Two-dimensional transition metal tellurides (2D-TMTs) offer a uniquely rich playground for correlated quantum matter. Compared with their lighter chalcogenides homologues, the diffuse character of Te 5p orbitals promotes stronger interlayer coupling, enhanced metal-to-chalcogen charge transfer and intermediate-to-strong spin-orbit interaction, stabilizing a wealth of metastable polymorphs with relative low energies. This energy landscape enables phase engineering, by tuning the growth parameters, different polymorphs can be selectively stabilized at the monolayer regime, each hosting distinct correlated ground states. In the last years, we examine how molecular beam epitaxy (MBE) on decoupling substrates, combined with surface science techniques (STM/STS, nc-AFM, ARPES, XMCD) and first-principles calculations, has uncovered charge density waves, excitonic insulator signatures, topological phases, and emergent magnetism across the telluride family (M = Mo, W, Nb, Ta, Ir, Pt, Mn).
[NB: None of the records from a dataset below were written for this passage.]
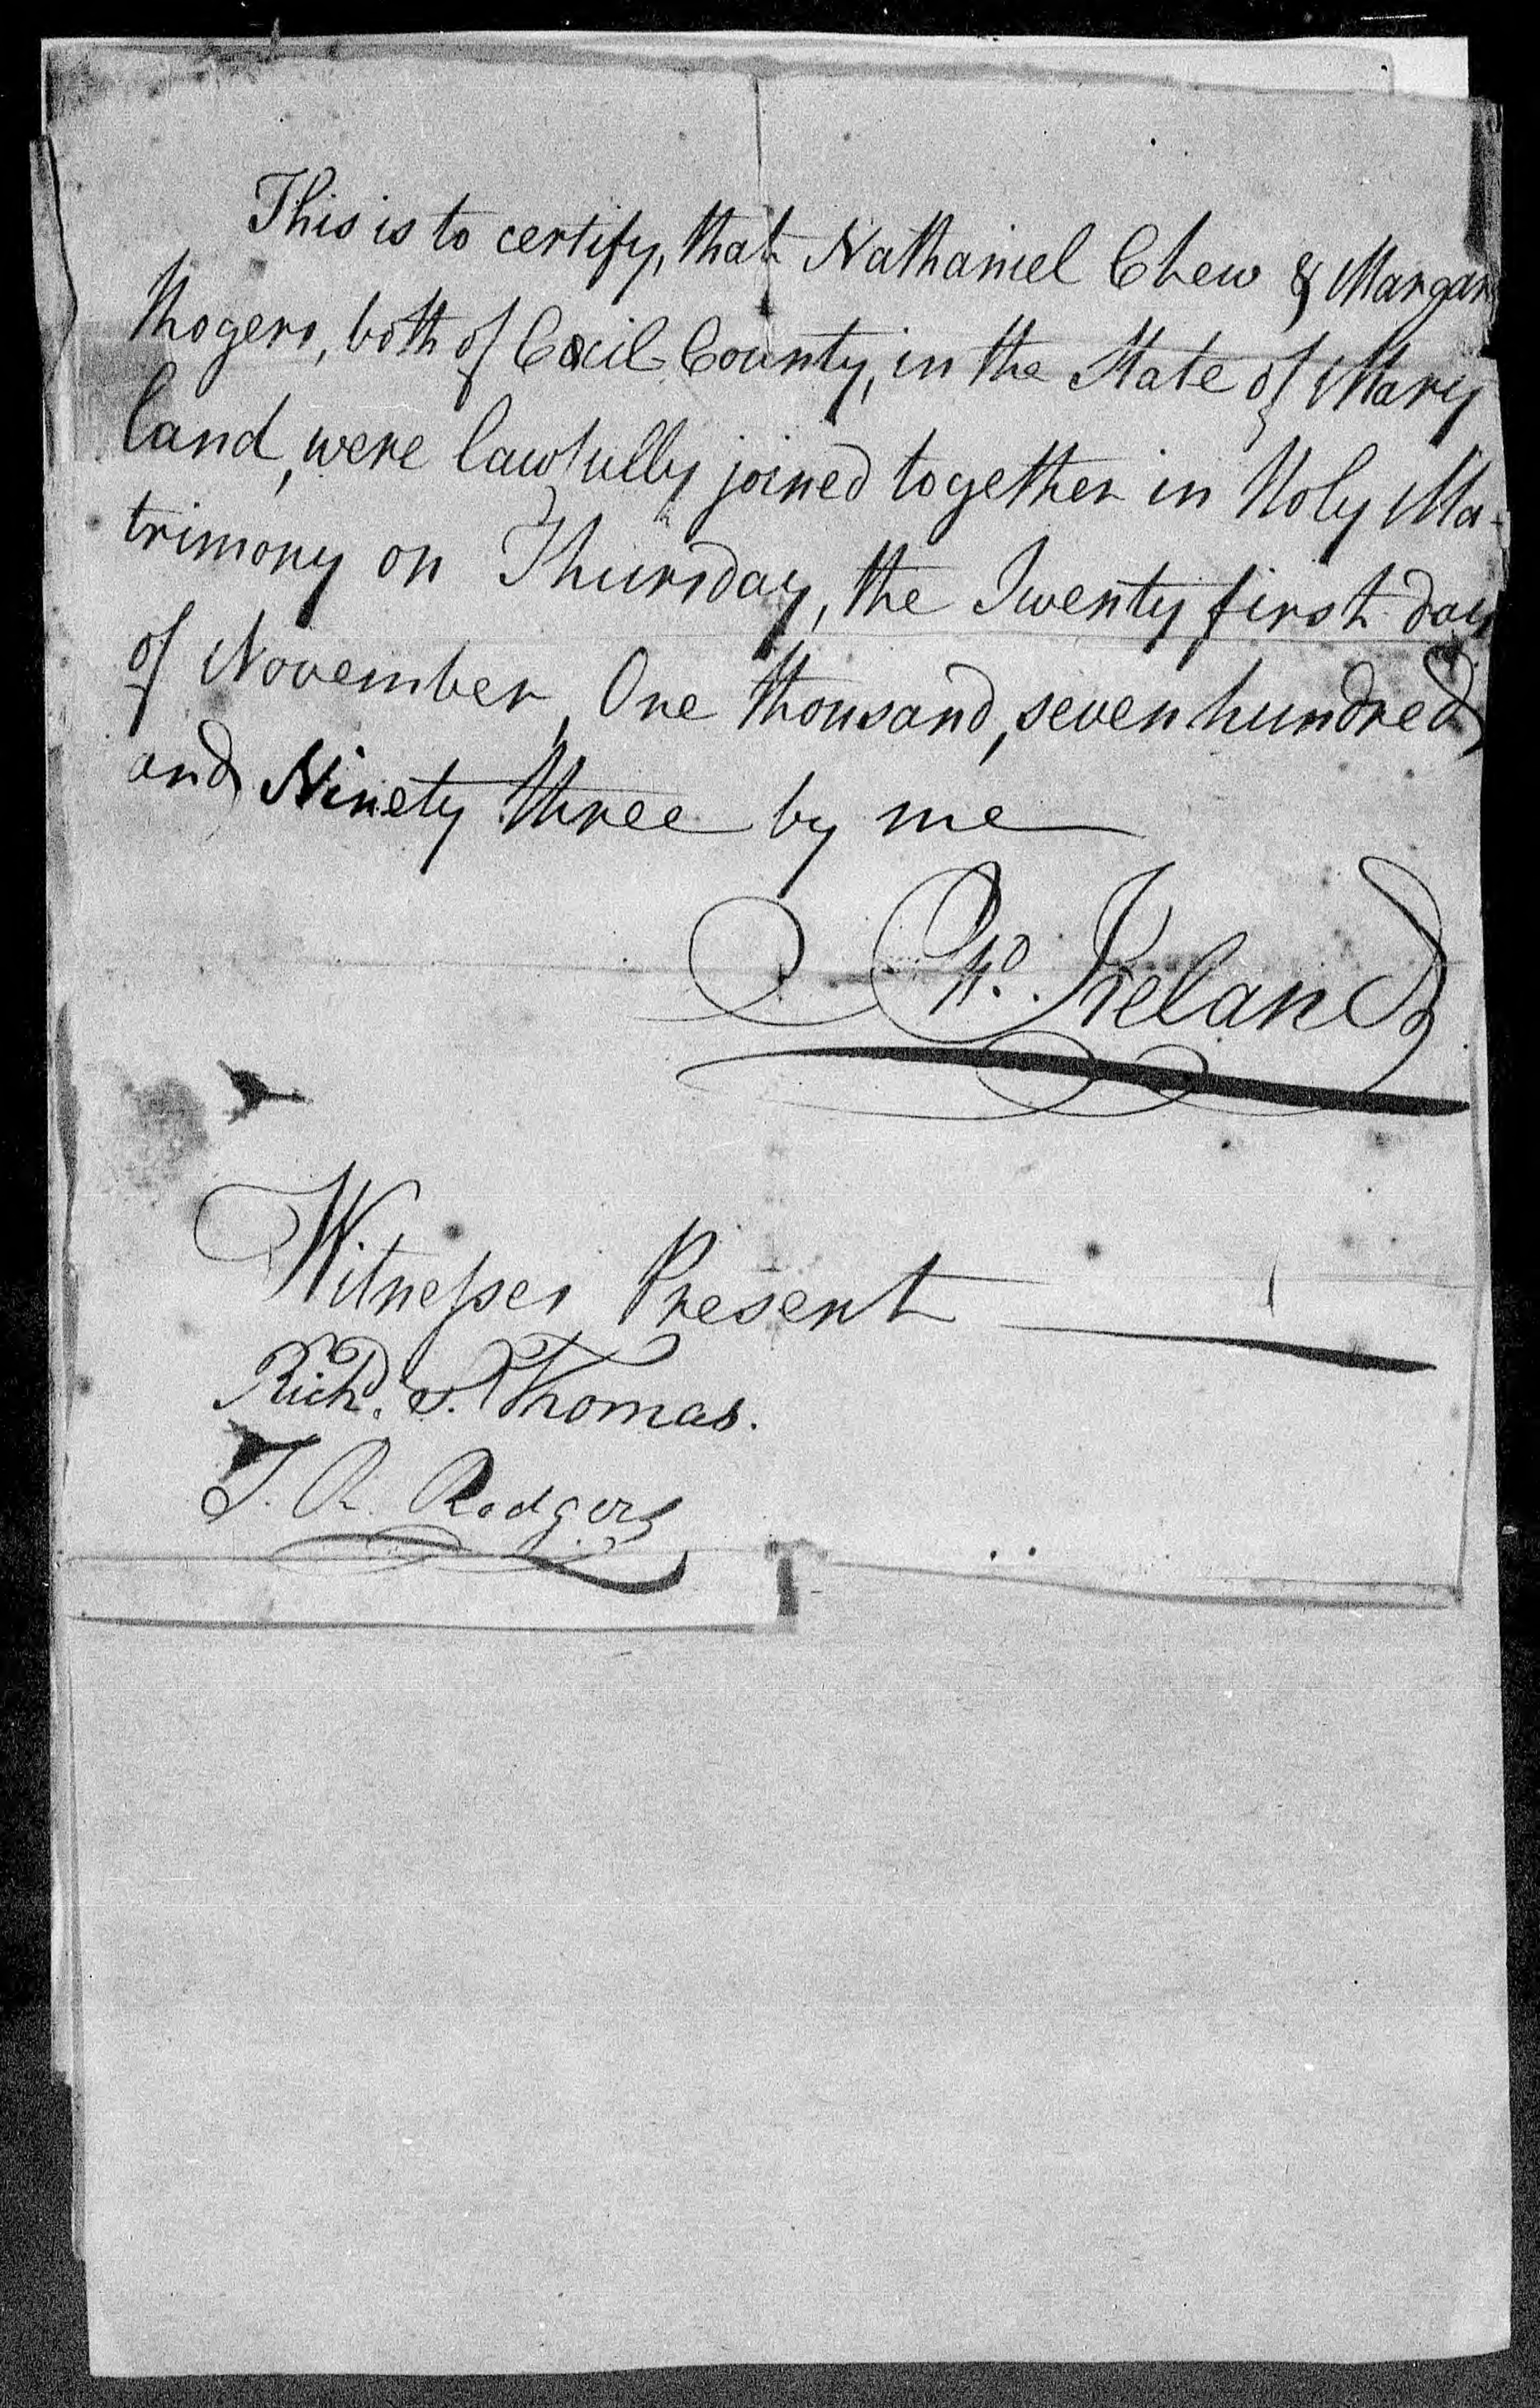This is to certify, that Nathaniel Chew & Margaret
Rogers, both of Cecil County, in the State of Mary
land, were lawfully joined together in Holy Ma-
trimony on Thursday, the Twenty first day
of November, One thousand, seven hundred
and Ninety three by me
Jno. Ireland

Witnesses Present
Rich. S. Thomas.
T. R. Rodgers

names: Richd S Thomas, Nathaniel Chew, Margaret Rogers, Jno Ireland, T R Rodgers
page: 9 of 59
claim: widow's
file: W. 9383, Nathaniel Chew, Navy (Md.)

Intercalation of heavy elements into graphene grown on Ir(111) induces strong spin-orbit coupling and creates tunable platforms for topological effects. Recently, we have demonstrated that Te intercalation in Gr/Ir(111) provides a promising platform for tailoring spin-orbit coupling properties, including the possibility of opening a bandgap and realizing spin-dependent transport phenomena, such as the quantum spin Hall effect. Using STM/STS, we map the band structure renormalization, and the emergence of spin-polarized edge states across the Te-functionalized interface. By combining STM with ARPES, we access both real-space electronic structure at atomic scale and momentum-resolved band topology, visualizing edge state signatures and their spatial distribution at domain boundaries and defects. These results establish Te-intercalated graphene as a tunable platform for engineering topological transport in initially non-topological 2D systems.